--- Work instructions ---
Your task is to copy each line of the material that includes "place".
*-*-*
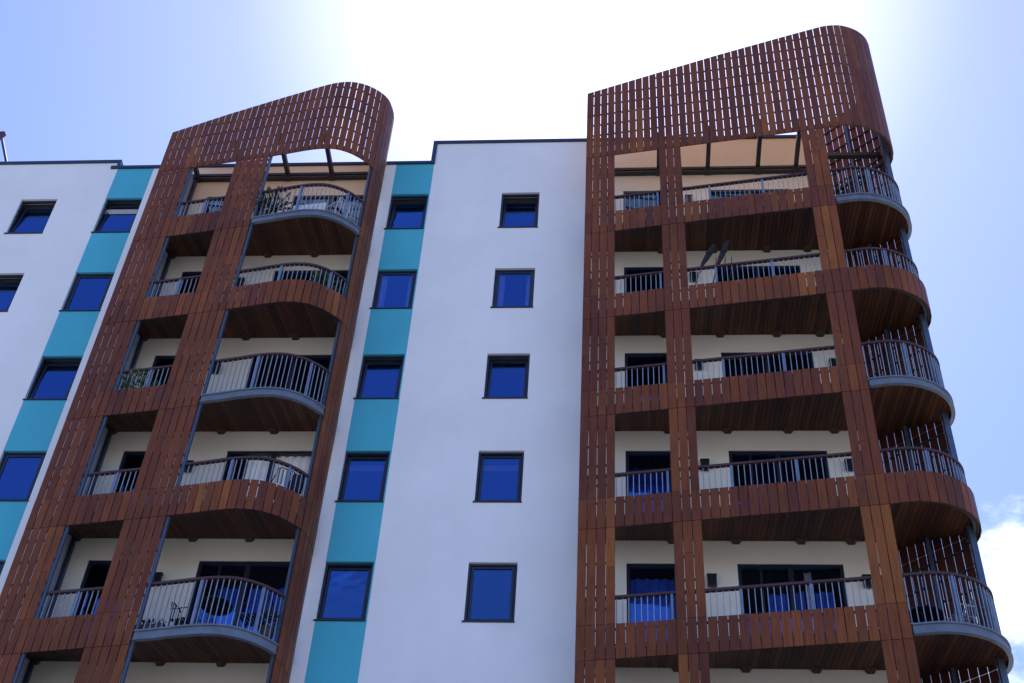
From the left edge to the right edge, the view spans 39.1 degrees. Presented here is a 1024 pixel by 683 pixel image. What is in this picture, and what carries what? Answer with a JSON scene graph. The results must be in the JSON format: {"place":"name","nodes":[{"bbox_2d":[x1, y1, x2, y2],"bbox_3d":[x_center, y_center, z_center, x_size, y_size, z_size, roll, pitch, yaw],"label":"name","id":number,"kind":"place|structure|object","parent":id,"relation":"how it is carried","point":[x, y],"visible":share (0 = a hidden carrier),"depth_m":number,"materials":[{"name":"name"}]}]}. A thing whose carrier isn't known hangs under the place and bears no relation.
{"place":"outdoors","nodes":[
{"label":"outdoors","id":0,"kind":"place"},
{"bbox_2d":[0,0,1023,682],"label":"sky","id":1,"kind":"structure","parent":0,"point":[80,79],"materials":[{"name":"blue"}]},
{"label":"pavement","id":2,"kind":"structure","parent":0,"visible":0},
{"bbox_2d":[0,82,393,682],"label":"timber balcony tower","id":3,"kind":"structure","parent":2,"relation":"on","point":[266,312],"depth_m":30.18,"materials":[{"name":"wood"}]},
{"bbox_2d":[120,368,152,403],"bbox_3d":[-8.050,1.041,30.764,0.771,1.182,0.801,34,-53,-25],"label":"potted plant","id":4,"kind":"object","parent":3,"relation":"on","point":[134,379],"visible":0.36,"depth_m":30.78,"materials":[{"name":"green plant"}]},
{"bbox_2d":[133,618,166,632],"bbox_3d":[-6.463,5.122,25.900,0.638,0.377,0.304,-6,-47,10],"label":"planter box","id":5,"kind":"object","parent":3,"relation":"on","point":[147,625],"visible":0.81,"depth_m":25.81,"materials":[{"name":"ceramic"}]},
{"bbox_2d":[148,380,165,396],"bbox_3d":[-7.645,1.206,30.846,0.601,0.916,0.685,0,-46,4],"label":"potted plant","id":6,"kind":"object","parent":3,"relation":"on","point":[156,382],"visible":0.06,"depth_m":30.95,"materials":[{"name":"green plant"}]},
{"bbox_2d":[168,602,201,625],"bbox_3d":[-6.038,5.200,26.572,0.533,0.893,0.462,-11,-48,15],"label":"balcony chair","id":7,"kind":"object","parent":3,"relation":"on","point":[188,619],"visible":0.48,"depth_m":26.53,"materials":[{"name":"black metal"}]},
{"bbox_2d":[200,596,232,623],"bbox_3d":[-5.446,5.107,26.253,0.600,0.753,0.600,0,-46,4],"label":"bistro table","id":8,"kind":"object","parent":3,"relation":"on","point":[215,604],"visible":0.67,"depth_m":26.48,"materials":[{"name":"black metal"}]},
{"bbox_2d":[233,593,272,628],"bbox_3d":[-4.704,5.036,26.189,0.533,0.893,0.462,-8,-47,11],"label":"balcony chair","id":9,"kind":"object","parent":3,"relation":"on","point":[247,619],"visible":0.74,"depth_m":26.19,"materials":[{"name":"black metal"}]},
{"bbox_2d":[253,198,276,215],"bbox_3d":[-5.932,-3.068,34.477,0.660,0.892,0.694,0,-46,4],"label":"potted plant","id":10,"kind":"object","parent":3,"relation":"on","point":[263,205],"visible":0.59,"depth_m":34.42,"materials":[{"name":"green plant"}]},
{"bbox_2d":[257,607,280,638],"bbox_3d":[-4.417,5.164,26.135,0.557,0.714,0.580,0,-46,4],"label":"potted plant","id":11,"kind":"object","parent":3,"relation":"on","point":[262,628],"visible":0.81,"depth_m":26.07,"materials":[{"name":"green plant"}]},
{"bbox_2d":[256,185,295,213],"bbox_3d":[-5.790,-3.184,34.782,1.070,1.424,1.100,22,-49,-16],"label":"potted plant","id":12,"kind":"object","parent":3,"relation":"on","point":[277,204],"visible":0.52,"depth_m":34.71,"materials":[{"name":"green plant"}]},
{"bbox_2d":[271,467,296,503],"bbox_3d":[-4.533,2.977,28.180,0.462,0.893,0.533,22,-49,-16],"label":"balcony chair","id":13,"kind":"object","parent":3,"relation":"on","point":[279,469],"visible":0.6,"depth_m":28.21,"materials":[{"name":"black fabric"}]},
{"bbox_2d":[287,474,304,494],"bbox_3d":[-4.280,2.813,28.511,0.360,0.550,0.110,-11,-48,15],"label":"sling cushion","id":14,"kind":"object","parent":13,"relation":"on","point":[298,482],"visible":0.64,"depth_m":28.45,"materials":[{"name":"black fabric"}]},
{"bbox_2d":[293,203,327,210],"bbox_3d":[-4.855,-2.887,34.688,0.820,0.755,0.462,-5,-47,8],"label":"dining table","id":15,"kind":"object","parent":3,"relation":"on","point":[315,206],"visible":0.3,"depth_m":34.73,"materials":[{"name":"white paint"}]},
{"bbox_2d":[310,269,344,297],"bbox_3d":[-4.285,-1.108,32.785,0.993,1.435,0.906,0,-46,4],"label":"potted plant","id":16,"kind":"object","parent":3,"relation":"on","point":[326,276],"visible":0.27,"depth_m":32.82,"materials":[{"name":"green plant"}]},
{"bbox_2d":[325,197,349,215],"bbox_3d":[-4.247,-2.985,34.593,0.533,0.893,0.462,-24,-52,24],"label":"balcony chair","id":17,"kind":"object","parent":3,"relation":"on","point":[339,205],"visible":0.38,"depth_m":34.58,"materials":[{"name":"white paint"}]},
{"bbox_2d":[345,202,359,225],"bbox_3d":[-3.887,-2.846,34.773,0.462,0.893,0.533,22,-49,-16],"label":"balcony chair","id":18,"kind":"object","parent":3,"relation":"on","point":[355,220],"visible":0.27,"depth_m":34.72,"materials":[{"name":"white paint"}]},
{"bbox_2d":[0,134,898,682],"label":"apartment building","id":19,"kind":"structure","parent":2,"relation":"on","point":[438,556],"depth_m":30.93,"materials":[{"name":"paint"}]},
{"bbox_2d":[0,561,5,574],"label":"window","id":20,"kind":"structure","parent":19,"relation":"in","point":[2,563],"depth_m":28.72,"materials":[{"name":"blue glass"}]},
{"bbox_2d":[0,131,7,160],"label":"roof mast","id":21,"kind":"object","parent":19,"relation":"on","point":[2,134],"visible":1,"depth_m":39.33,"materials":[{"name":"metal"}]},
{"bbox_2d":[0,275,23,311],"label":"window","id":22,"kind":"structure","parent":19,"relation":"in","point":[7,290],"depth_m":35.01,"materials":[{"name":"blue glass"}]},
{"bbox_2d":[0,453,45,501],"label":"window","id":23,"kind":"structure","parent":19,"relation":"in","point":[19,472],"depth_m":30.48,"materials":[{"name":"blue glass"}]},
{"bbox_2d":[4,201,56,233],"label":"window","id":24,"kind":"structure","parent":19,"relation":"in","point":[33,220],"depth_m":36.96,"materials":[{"name":"blue glass"}]},
{"bbox_2d":[23,358,81,399],"bbox_3d":[-10.295,0.894,32.514,1.000,1.402,0.279,0,-46,4],"label":"window","id":25,"kind":"structure","parent":19,"relation":"in","point":[55,382],"depth_m":32.58,"materials":[{"name":"blue glass"}]},
{"bbox_2d":[59,274,113,311],"bbox_3d":[-10.152,-1.160,34.557,1.000,1.402,0.155,0,-46,4],"label":"window","id":26,"kind":"structure","parent":19,"relation":"in","point":[88,292],"depth_m":34.62,"materials":[{"name":"blue glass"}]},
{"bbox_2d":[76,561,135,628],"bbox_3d":[-7.956,5.117,27.831,0.969,2.154,0.080,0,-46,4],"label":"balcony door","id":27,"kind":"structure","parent":19,"relation":"in","point":[96,572],"depth_m":28.28,"materials":[{"name":"black glass"}]},
{"bbox_2d":[91,200,141,232],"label":"window","id":28,"kind":"structure","parent":19,"relation":"in","point":[111,223],"depth_m":36.71,"materials":[{"name":"blue glass"}]},
{"bbox_2d":[105,209,137,213],"bbox_3d":[-9.968,-3.327,37.008,0.922,0.180,0.004,0,-46,4],"label":"blind","id":29,"kind":"object","parent":19,"relation":"attached to","point":[128,211],"visible":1,"depth_m":37.01,"materials":[{"name":"fabric"}]},
{"bbox_2d":[111,451,160,508],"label":"balcony door","id":30,"kind":"structure","parent":19,"relation":"in","point":[131,459],"depth_m":30.43,"materials":[{"name":"black glass"}]},
{"bbox_2d":[153,572,162,581],"bbox_3d":[-6.914,4.628,28.096,0.190,0.265,0.108,0,-46,4],"label":"wall lamp","id":31,"kind":"object","parent":19,"relation":"attached to","point":[158,576],"visible":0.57,"depth_m":28.09,"materials":[{"name":"black metal"}]},
{"bbox_2d":[150,356,196,397],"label":"balcony door","id":32,"kind":"structure","parent":19,"relation":"in","point":[159,360],"depth_m":32.61,"materials":[{"name":"black glass"}]},
{"bbox_2d":[184,460,193,471],"bbox_3d":[-6.768,2.619,30.183,0.190,0.265,0.108,0,-46,4],"label":"wall lamp","id":33,"kind":"object","parent":19,"relation":"attached to","point":[190,469],"visible":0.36,"depth_m":30.11,"materials":[{"name":"black metal"}]},
{"bbox_2d":[176,272,220,306],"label":"balcony door","id":34,"kind":"structure","parent":19,"relation":"in","point":[185,274],"depth_m":34.60,"materials":[{"name":"black glass"}]},
{"bbox_2d":[212,363,220,373],"bbox_3d":[-6.621,0.609,32.269,0.190,0.265,0.108,0,-46,4],"label":"wall lamp","id":35,"kind":"object","parent":19,"relation":"attached to","point":[218,368],"visible":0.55,"depth_m":32.21,"materials":[{"name":"black metal"}]},
{"bbox_2d":[206,197,241,221],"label":"balcony door","id":36,"kind":"structure","parent":19,"relation":"in","point":[214,202],"depth_m":36.74,"materials":[{"name":"blue glass"}]},
{"bbox_2d":[210,588,240,624],"bbox_3d":[-5.514,5.396,27.581,0.520,1.660,0.063,0,-46,4],"label":"curtain","id":37,"kind":"object","parent":19,"relation":"hanging from","point":[233,602],"visible":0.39,"depth_m":27.94,"materials":[{"name":"blue fabric"}]},
{"bbox_2d":[184,561,289,626],"bbox_3d":[-5.212,5.100,27.622,1.994,2.154,0.080,0,-46,4],"label":"balcony door","id":38,"kind":"structure","parent":19,"relation":"in","point":[248,565],"depth_m":28.28,"materials":[{"name":"black metal"}]},
{"bbox_2d":[237,277,244,286],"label":"wall lamp","id":39,"kind":"object","parent":19,"relation":"attached to","point":[239,280],"visible":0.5,"depth_m":34.34,"materials":[{"name":"black metal"}]},
{"bbox_2d":[245,456,270,497],"bbox_3d":[-5.356,3.159,29.774,0.490,2.130,0.063,0,-46,4],"label":"curtain","id":40,"kind":"object","parent":19,"relation":"hanging from","point":[258,470],"visible":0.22,"depth_m":30.25,"materials":[{"name":"fabric"}]},
{"bbox_2d":[241,588,284,640],"bbox_3d":[-4.716,5.391,27.520,0.880,1.660,0.063,0,-46,4],"label":"curtain","id":41,"kind":"object","parent":19,"relation":"hanging from","point":[257,598],"visible":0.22,"depth_m":27.89,"materials":[{"name":"blue fabric"}]},
{"bbox_2d":[220,451,311,501],"bbox_3d":[-5.066,3.091,29.709,1.994,2.154,0.080,0,-46,4],"label":"balcony door","id":42,"kind":"structure","parent":19,"relation":"in","point":[273,454],"depth_m":30.37,"materials":[{"name":"black glass"}]},
{"bbox_2d":[244,355,330,403],"bbox_3d":[-4.919,1.082,31.795,1.994,2.154,0.080,0,-46,4],"label":"balcony door","id":43,"kind":"structure","parent":19,"relation":"in","point":[324,360],"depth_m":32.17,"materials":[{"name":"black glass"}]},
{"bbox_2d":[272,456,310,510],"bbox_3d":[-4.583,3.154,29.715,0.880,2.130,0.063,0,-46,4],"label":"curtain","id":44,"kind":"object","parent":19,"relation":"hanging from","point":[301,463],"visible":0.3,"depth_m":30.28,"materials":[{"name":"fabric"}]},
{"bbox_2d":[272,270,347,307],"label":"balcony door","id":45,"kind":"structure","parent":19,"relation":"in","point":[344,273],"depth_m":34.54,"materials":[{"name":"black glass"}]},
{"bbox_2d":[291,195,363,220],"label":"balcony door","id":46,"kind":"structure","parent":19,"relation":"in","point":[330,202],"depth_m":36.60,"materials":[{"name":"blue glass"}]},
{"bbox_2d":[313,563,373,621],"bbox_3d":[-3.211,4.840,27.754,0.993,1.402,0.202,0,-46,4],"label":"window","id":47,"kind":"structure","parent":19,"relation":"in","point":[337,578],"depth_m":28.02,"materials":[{"name":"blue glass"}]},
{"bbox_2d":[335,453,389,501],"bbox_3d":[-3.065,2.834,29.844,0.993,1.402,0.213,0,-46,4],"label":"window","id":48,"kind":"structure","parent":19,"relation":"in","point":[365,477],"depth_m":29.91,"materials":[{"name":"blue glass"}]},
{"bbox_2d":[353,356,404,398],"bbox_3d":[-2.917,0.849,31.953,0.993,1.402,0.279,0,-46,4],"label":"window","id":49,"kind":"structure","parent":19,"relation":"in","point":[380,380],"depth_m":32.02,"materials":[{"name":"blue glass"}]},
{"bbox_2d":[369,271,416,308],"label":"window","id":50,"kind":"structure","parent":19,"relation":"in","point":[393,289],"depth_m":34.06,"materials":[{"name":"blue glass"}]},
{"bbox_2d":[384,196,427,229],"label":"window","id":51,"kind":"structure","parent":19,"relation":"in","point":[404,215],"depth_m":36.24,"materials":[{"name":"blue glass"}]},
{"bbox_2d":[462,564,517,622],"bbox_3d":[-0.407,4.805,27.525,0.990,1.402,0.155,0,-46,4],"label":"window","id":52,"kind":"structure","parent":19,"relation":"in","point":[508,567],"depth_m":27.61,"materials":[{"name":"blue glass"}]},
{"bbox_2d":[473,452,523,502],"bbox_3d":[-0.260,2.805,29.620,0.990,1.402,0.180,0,-46,4],"label":"window","id":53,"kind":"structure","parent":19,"relation":"in","point":[500,474],"depth_m":29.68,"materials":[{"name":"blue glass"}]},
{"bbox_2d":[482,355,529,398],"bbox_3d":[-0.111,0.828,31.736,0.990,1.402,0.268,0,-46,4],"label":"window","id":54,"kind":"structure","parent":19,"relation":"in","point":[507,380],"depth_m":31.81,"materials":[{"name":"blue glass"}]},
{"bbox_2d":[490,270,534,307],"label":"window","id":55,"kind":"structure","parent":19,"relation":"in","point":[514,288],"depth_m":33.84,"materials":[{"name":"blue glass"}]},
{"bbox_2d":[497,194,539,227],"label":"window","id":56,"kind":"structure","parent":19,"relation":"in","point":[515,215],"depth_m":36.02,"materials":[{"name":"blue glass"}]},
{"bbox_2d":[623,191,660,221],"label":"balcony door","id":57,"kind":"structure","parent":19,"relation":"in","point":[643,201],"depth_m":35.89,"materials":[{"name":"blue glass"}]},
{"bbox_2d":[624,267,664,304],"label":"balcony door","id":58,"kind":"structure","parent":19,"relation":"in","point":[644,284],"depth_m":33.73,"materials":[{"name":"black glass"}]},
{"bbox_2d":[625,353,667,400],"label":"balcony door","id":59,"kind":"structure","parent":19,"relation":"in","point":[631,359],"depth_m":31.62,"materials":[{"name":"black glass"}]},
{"bbox_2d":[626,451,672,509],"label":"balcony door","id":60,"kind":"structure","parent":19,"relation":"in","point":[635,460],"depth_m":29.57,"materials":[{"name":"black glass"}]},
{"bbox_2d":[627,564,677,642],"bbox_3d":[2.638,5.052,27.026,0.969,2.154,0.080,0,-46,4],"label":"balcony door","id":61,"kind":"structure","parent":19,"relation":"in","point":[629,566],"depth_m":27.72,"materials":[{"name":"black metal"}]},
{"bbox_2d":[630,578,675,644],"bbox_3d":[2.650,5.249,27.062,0.840,1.940,0.063,0,-46,4],"label":"curtain","id":62,"kind":"object","parent":19,"relation":"hanging from","point":[638,586],"visible":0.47,"depth_m":27.39,"materials":[{"name":"blue fabric"}]},
{"bbox_2d":[685,194,692,203],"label":"wall lamp","id":63,"kind":"object","parent":19,"relation":"attached to","point":[688,199],"visible":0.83,"depth_m":35.65,"materials":[{"name":"black metal"}]},
{"bbox_2d":[689,271,697,281],"bbox_3d":[4.226,-1.500,33.578,0.190,0.265,0.108,0,-46,4],"label":"wall lamp","id":64,"kind":"object","parent":19,"relation":"attached to","point":[693,276],"visible":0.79,"depth_m":33.53,"materials":[{"name":"black metal"}]},
{"bbox_2d":[694,359,701,369],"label":"wall lamp","id":65,"kind":"object","parent":19,"relation":"attached to","point":[699,366],"visible":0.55,"depth_m":31.41,"materials":[{"name":"black metal"}]},
{"bbox_2d":[700,458,709,470],"bbox_3d":[3.934,2.518,29.406,0.190,0.265,0.108,0,-46,4],"label":"wall lamp","id":66,"kind":"object","parent":19,"relation":"attached to","point":[704,461],"visible":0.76,"depth_m":29.41,"materials":[{"name":"black metal"}]},
{"bbox_2d":[707,573,716,586],"bbox_3d":[3.788,4.527,27.320,0.190,0.265,0.108,0,-46,4],"label":"wall lamp","id":67,"kind":"object","parent":19,"relation":"attached to","point":[712,579],"visible":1,"depth_m":27.28,"materials":[{"name":"black metal"}]},
{"bbox_2d":[708,189,788,211],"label":"balcony door","id":68,"kind":"structure","parent":19,"relation":"in","point":[733,192],"depth_m":35.87,"materials":[{"name":"black glass"}]},
{"bbox_2d":[715,266,800,295],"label":"balcony door","id":69,"kind":"structure","parent":19,"relation":"in","point":[750,270],"depth_m":33.73,"materials":[{"name":"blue glass"}]},
{"bbox_2d":[721,352,813,392],"bbox_3d":[5.550,1.018,31.000,1.994,2.154,0.080,0,-46,4],"label":"balcony door","id":70,"kind":"structure","parent":19,"relation":"in","point":[798,355],"depth_m":31.53,"materials":[{"name":"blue glass"}]},
{"bbox_2d":[729,451,829,502],"bbox_3d":[5.404,3.027,28.913,1.994,2.154,0.080,0,-46,4],"label":"balcony door","id":71,"kind":"structure","parent":19,"relation":"in","point":[734,456],"depth_m":29.37,"materials":[{"name":"black glass"}]},
{"bbox_2d":[767,593,792,635],"bbox_3d":[4.999,5.349,26.765,0.410,1.610,0.063,0,-46,4],"label":"curtain","id":72,"kind":"object","parent":19,"relation":"hanging from","point":[784,603],"visible":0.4,"depth_m":27.19,"materials":[{"name":"blue fabric"}]},
{"bbox_2d":[737,564,847,613],"bbox_3d":[5.258,5.036,26.827,1.994,2.154,0.080,0,-46,4],"label":"balcony door","id":73,"kind":"structure","parent":19,"relation":"in","point":[789,568],"depth_m":27.49,"materials":[{"name":"black metal"}]},
{"bbox_2d":[796,591,805,633],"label":"curtain","id":74,"kind":"object","parent":19,"relation":"hanging from","point":[798,599],"visible":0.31,"depth_m":27.18,"materials":[{"name":"blue fabric"}]},
{"bbox_2d":[803,572,814,632],"bbox_3d":[5.605,5.169,26.910,0.134,2.130,0.044,-10,-48,13],"label":"curtain","id":75,"kind":"object","parent":19,"relation":"hanging from","point":[807,576],"visible":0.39,"depth_m":27.36,"materials":[{"name":"fabric"}]},
{"bbox_2d":[815,592,835,631],"bbox_3d":[5.858,5.326,26.717,0.330,1.660,0.063,0,-46,4],"label":"curtain","id":76,"kind":"object","parent":19,"relation":"hanging from","point":[824,600],"visible":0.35,"depth_m":27.17,"materials":[{"name":"blue fabric"}]},
{"bbox_2d":[829,358,836,365],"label":"wall lamp","id":77,"kind":"object","parent":19,"relation":"attached to","point":[833,361],"visible":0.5,"depth_m":31.27,"materials":[{"name":"black metal"}]},
{"bbox_2d":[844,458,852,470],"bbox_3d":[6.826,2.501,29.186,0.190,0.265,0.108,0,-46,4],"label":"wall lamp","id":78,"kind":"object","parent":19,"relation":"attached to","point":[849,464],"visible":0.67,"depth_m":29.16,"materials":[{"name":"black metal"}]},
{"bbox_2d":[862,574,872,587],"bbox_3d":[6.679,4.510,27.100,0.190,0.265,0.108,0,-46,4],"label":"wall lamp","id":79,"kind":"object","parent":19,"relation":"attached to","point":[868,584],"visible":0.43,"depth_m":27.03,"materials":[{"name":"black metal"}]},
{"bbox_2d":[574,25,1013,682],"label":"timber balcony tower","id":80,"kind":"structure","parent":2,"relation":"on","point":[864,295],"depth_m":29.36,"materials":[{"name":"wood"}]},
{"bbox_2d":[695,244,715,284],"bbox_3d":[4.252,-1.542,31.821,0.553,1.819,0.180,-10,-48,14],"label":"folded parasol","id":81,"kind":"object","parent":80,"relation":"on","point":[709,252],"visible":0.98,"depth_m":32.11,"materials":[{"name":"grey fabric"}]},
{"bbox_2d":[713,241,728,283],"bbox_3d":[4.590,-1.590,31.814,0.478,1.887,0.181,-12,-48,15],"label":"folded parasol","id":82,"kind":"object","parent":80,"relation":"on","point":[724,249],"visible":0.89,"depth_m":32.12,"materials":[{"name":"grey fabric"}]},
{"bbox_2d":[714,257,731,283],"bbox_3d":[4.580,-1.348,31.748,0.598,1.451,0.097,0,-46,4],"label":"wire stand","id":83,"kind":"object","parent":80,"relation":"on","point":[724,269],"visible":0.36,"depth_m":31.94,"materials":[{"name":"black metal"}]},
{"bbox_2d":[909,605,943,625],"bbox_3d":[7.199,4.980,25.055,0.680,0.514,0.680,0,-46,4],"label":"bistro table","id":84,"kind":"object","parent":80,"relation":"on","point":[927,614],"visible":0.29,"depth_m":25.15,"materials":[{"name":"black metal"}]},
{"bbox_2d":[945,599,977,623],"bbox_3d":[7.824,4.884,25.183,0.533,0.893,0.462,14,-47,-9],"label":"balcony chair","id":85,"kind":"object","parent":80,"relation":"on","point":[953,616],"visible":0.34,"depth_m":25.15,"materials":[{"name":"metal"}]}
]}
*-*-*
--- Written solution ---
From the left edge to the right edge, the view spans 39.1 degrees. Presented here is a 1024 pixel by 683 pixel image. What is in this picture, and what carries what? Answer with a JSON scene graph. The results must be in the JSON format: {"place":"name","nodes":[{"bbox_2d":[x1, y1, x2, y2],"bbox_3d":[x_center, y_center, z_center, x_size, y_size, z_size, roll, pitch, yaw],"label":"name","id":number,"kind":"place|structure|object","parent":id,"relation":"how it is carried","point":[x, y],"visible":share (0 = a hidden carrier),"depth_m":number,"materials":[{"name":"name"}]}]}. A thing whose carrier isn't known hangs under the place and bears no relation.
{"place":"outdoors","nodes":[
{"label":"outdoors","id":0,"kind":"place"},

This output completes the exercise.